Tuttavia alcuni ricercatori dell’Università della California, precisamente a Riverside, hanno stabilito dopo accurate misurazioni che i grill in commercio (paragonabili a quelli usati in campo industriale), emetterebbero vapori di grasso, fumo, vapore acqueo e prodotti da combustione, oltre a molto calore.
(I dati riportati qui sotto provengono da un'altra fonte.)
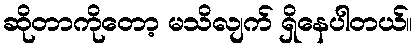
ဆိုတာကိုတော့ မသိလျက် ရှိနေပါတယ်။
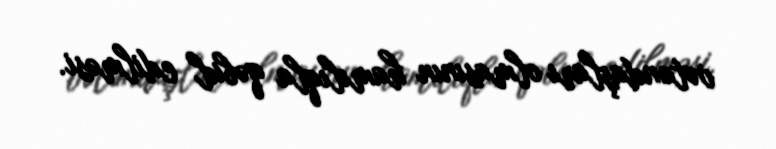
vətəndaşları olmasının hamılıqla qəbul edilməsi.
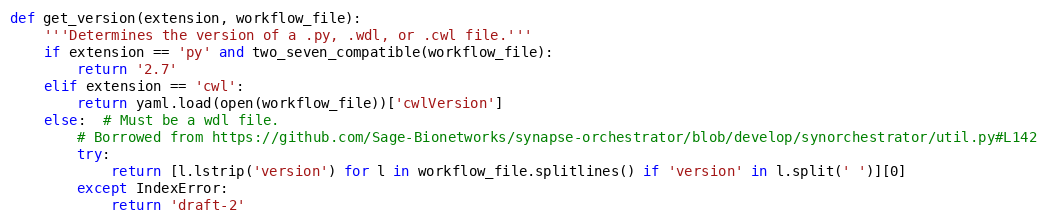
Language: Python
def get_version(extension, workflow_file):
    '''Determines the version of a .py, .wdl, or .cwl file.'''
    if extension == 'py' and two_seven_compatible(workflow_file):
        return '2.7'
    elif extension == 'cwl':
        return yaml.load(open(workflow_file))['cwlVersion']
    else:  # Must be a wdl file.
        # Borrowed from https://github.com/Sage-Bionetworks/synapse-orchestrator/blob/develop/synorchestrator/util.py#L142
        try:
            return [l.lstrip('version') for l in workflow_file.splitlines() if 'version' in l.split(' ')][0]
        except IndexError:
            return 'draft-2'
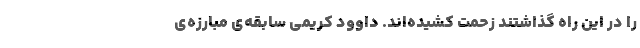
را در این راه گذاشتند زحمت کشیده‌اند. داوود کریمی سابقه‌ی مبارزه‌ی

Nel 2007 il South Coast Air Quality Management District ha anche appurato che l’inquinamento dovuto alla cottura di alimenti negli esercizi pubblici è stato la seconda grande fonte di particolato rilevata nella zona della South Coast.

Le emissioni sarebbero quindi enormi, tali da equipararsi a quelle generate da un camion con rimorchio dopo aver percorso 230km.

Il fatto importante è che la combustione di carburante all’interno dei motori a scoppio e le relative emissioni sono strettamente controllate e regolamentate, mentre la cottura dei cibi grigliati non è mai stata considerata come fattore inquinante, o almeno non è mai stato necessario avere cura delle emissioni prodotte.

Per questo motivo i ricercatori stanno provando alcuni dispositivi che dovrebbero riuscire a rimuovere il grasso presente nei vapori di combustione facendolo raffreddare e raccogliendolo all’interno di un recipiente in acqua.

Il team sembra comunque responsabile, in quanto  tutti gli hamburger che sono stati cucinati per le rilevazioni sono stati donati ad un’associazione di volontari per essere poi ridistribuiti ai più bisognosi.